Просто у Ханса нет отцовских качеств, думала она, слушая повторяющиеся гудки. Где же… Мел Гибсон, Кевин Костнер? Даже Гомер Симпсон.
Ханс вдруг затряс головой над какой-то заметкой.
– Люди – проклятые, неразумные обезьяны, – заявил он. Диана считала, что это строка из «В ожидании Годо».
В конце концов она повесила трубку.
– Дедушки все еще нет дома? – спросил Скэт, поднимая голову от рисовых криспов.
– Скорее всего, он уехал с твоим братом, – сказал Ханс Диане. – Ты волнуешься на пустом месте.
– Может быть, они как раз едут сюда, – подхватил Скэт. – Почему они никогда не навещают нас?
– Наверно, они просто не любят маленьких детей, – сказал Оливер, которому уже исполнилось десять, на год больше, чем брату.
– Твой дедушка любит маленьких детей, – ответила Диана, возвращаясь на свое место. Возможно, Скотт убедил Оззи уехать, – подумала она, переселиться куда-нибудь в другое место. Но Оззи перевел бы туда свой прежний номер телефона. Возможно, люди, которые убили мою мать, не смогли выследить Скотта и похитить их обоих. Или сделать с ними что-нибудь плохое. Или убить.
– Мы возьмем велосипеды и поедем в Герберт-парк, ладно? – спросил Скэт. – Так все его называют, – пояснил он Оливеру, который, несомненно, должен был напомнить брату, что место называется Эберт-парк.
– Конечно, – ответил Ханс, и в ней поднялось раздражение.
– Да, можете, – сказала она, надеясь, что по тону станет ясно, что решающим является ее разрешение.
– Мне необходимы тишина и покой, чтобы я мог сегодня напечатать черновой вариант сценария, – сказал Ханс. – Майк из «Золотого самородка» знаком с парнем, который знает Харви Кормана. Если он сможет уговорить его прочитать мою работу, это наверняка принесет пятьдесят штук.

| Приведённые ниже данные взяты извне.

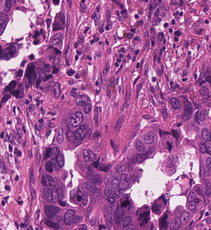
Tumor epithelial tissue: yes
Tumor-associated stroma tissue: yes
Normal tissue: no
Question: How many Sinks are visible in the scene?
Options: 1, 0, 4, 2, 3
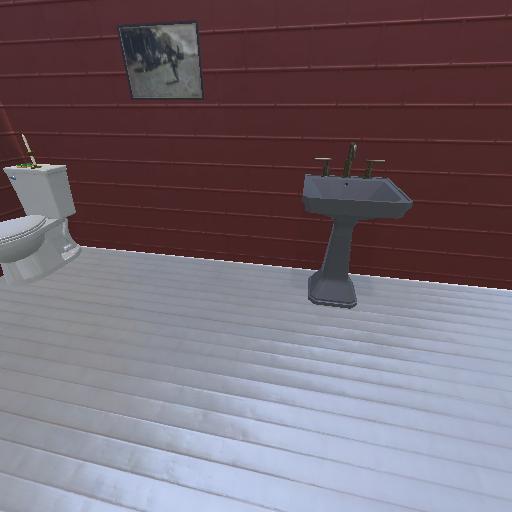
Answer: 1
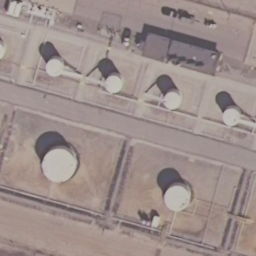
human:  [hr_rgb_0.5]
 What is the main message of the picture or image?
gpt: storage tanks
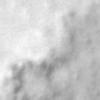
Label: no_change
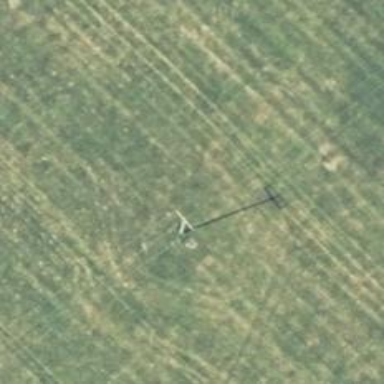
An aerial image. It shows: Minor power line with 3 cables.
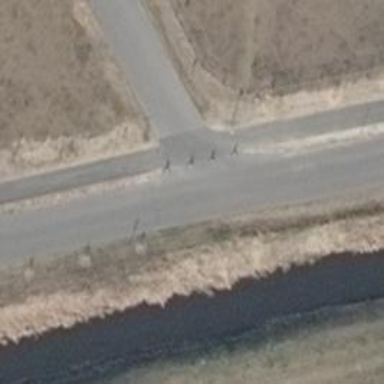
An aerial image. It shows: Asphalt sidewalk.
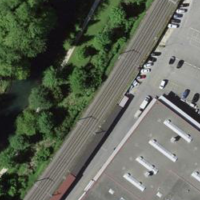
EUNIS habitat code: 53
Species observed at this site:
Prunus padus
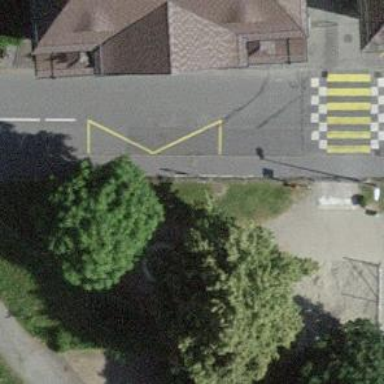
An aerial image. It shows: Bus stop with asphalt surface. This public transport platform is perfect for commuters to wait for their ride.
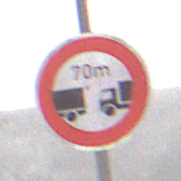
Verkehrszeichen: VerbotUnterschreitenMindestabstand
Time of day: Midday
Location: Outdoor (Nature)
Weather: Overcast
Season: Winter
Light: Natural
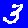
Digit: 3
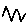
Label: zigzag
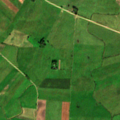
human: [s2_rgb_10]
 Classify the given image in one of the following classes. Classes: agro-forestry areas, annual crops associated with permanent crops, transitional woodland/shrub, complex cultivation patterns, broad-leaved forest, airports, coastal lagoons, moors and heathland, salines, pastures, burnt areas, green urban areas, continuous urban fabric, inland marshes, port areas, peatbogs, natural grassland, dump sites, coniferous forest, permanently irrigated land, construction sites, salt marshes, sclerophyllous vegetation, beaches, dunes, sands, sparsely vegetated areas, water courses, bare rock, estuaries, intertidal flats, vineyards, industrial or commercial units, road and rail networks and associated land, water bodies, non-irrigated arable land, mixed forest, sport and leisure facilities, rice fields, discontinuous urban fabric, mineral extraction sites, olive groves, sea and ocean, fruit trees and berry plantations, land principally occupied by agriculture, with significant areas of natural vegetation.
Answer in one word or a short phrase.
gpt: non-irrigated arable land
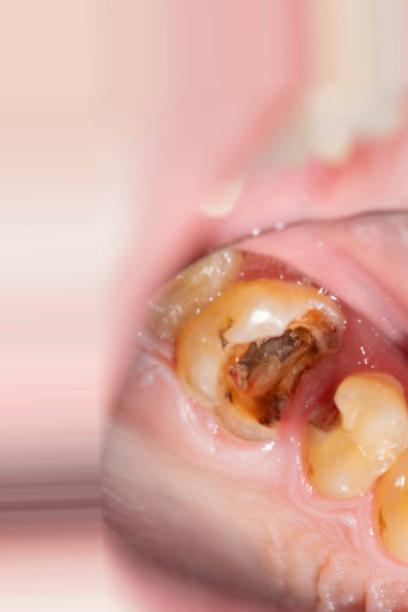
Condition: Caries
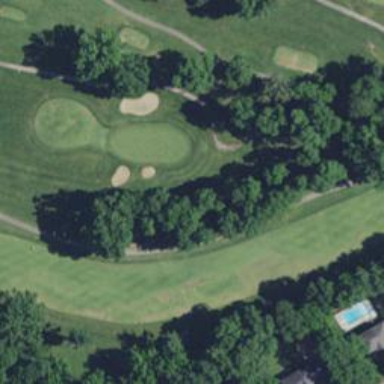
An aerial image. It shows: View of golf hole.
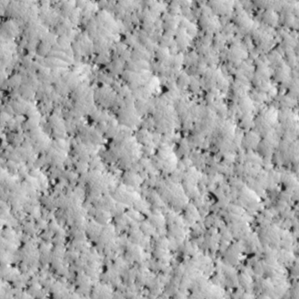
Label: non_frost
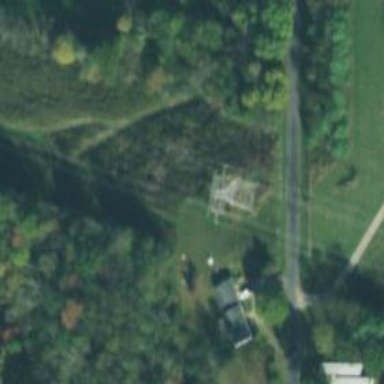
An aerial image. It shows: Lattice structure tower.
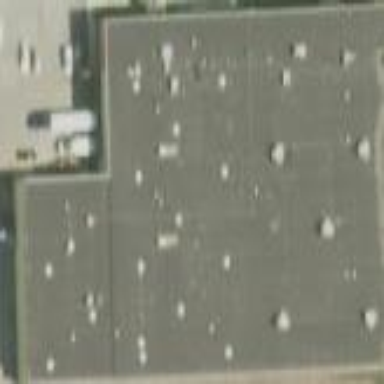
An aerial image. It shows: Industrial building.
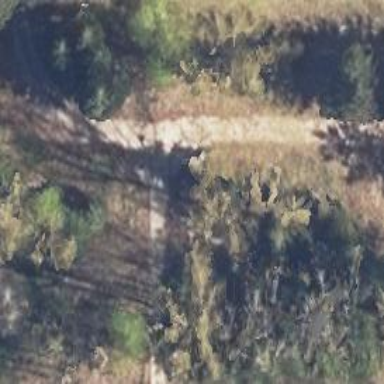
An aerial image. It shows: Concrete driveway designated as service road.
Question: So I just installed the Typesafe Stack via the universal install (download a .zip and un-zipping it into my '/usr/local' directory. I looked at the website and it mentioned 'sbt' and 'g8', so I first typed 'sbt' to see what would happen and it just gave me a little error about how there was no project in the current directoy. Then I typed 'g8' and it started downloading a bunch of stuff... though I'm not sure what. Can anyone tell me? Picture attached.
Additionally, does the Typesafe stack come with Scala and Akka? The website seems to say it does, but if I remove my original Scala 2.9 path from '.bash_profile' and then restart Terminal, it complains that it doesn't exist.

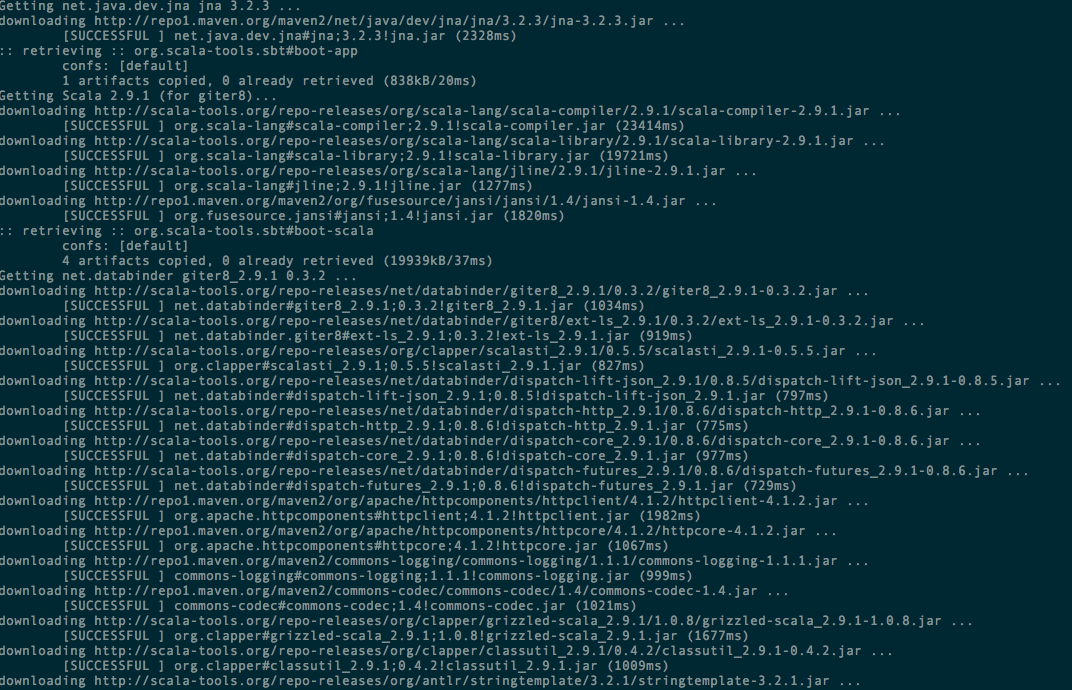
Answer: The universal install comes with a README. It says:
> g8 is a project templating tool. You can use this to generate a quick
project outline for one of the libraries in the typesafe stack.
Examples include:- - - -
Why don't you give one of those a try? After creating your project, cd into the directory and start sbt.

Поскольку дети еще не ушли из комнаты, Диана лишь улыбнулась и постучала по столешнице снизу.
Но когда они покончили с едой, поставили тарелки в раковину и помчались прочь, поскорее торопясь к велосипедам, Диана повернулась к Хансу.
– Я думаю, не следовало бы тебе иметь дело с этим Майком и ему подобными.
– Диана, – сказал Ханс, подавшись вперед и наклонясь над газетой, – это бизнес. Харви Корман!
– Как ты узнал, что он знаком с кем-то, кто знаком с кем-то? Значит, ты говорил с ним.
– Я писатель. Я должен разговаривать с самыми разными людьми.
Диана, стоя возле раковины, мыла тарелки после завтрака детей.
– Ханс, он ведь наркодилер, – сказала она, стараясь говорить убедительно, но не ворчливо. – А в тот единственный раз, когда мы с тобой были у него, он клеился ко мне, как репей. Я тогда подумала, что ты, наверно… возмущен.
Он удостоил ее величественного взгляда, и это было почти смешно, с его всклокоченной спросонья бородой.
– Писателям не следует осуждать людей, – заявил он. – Кроме того, я верю тебе.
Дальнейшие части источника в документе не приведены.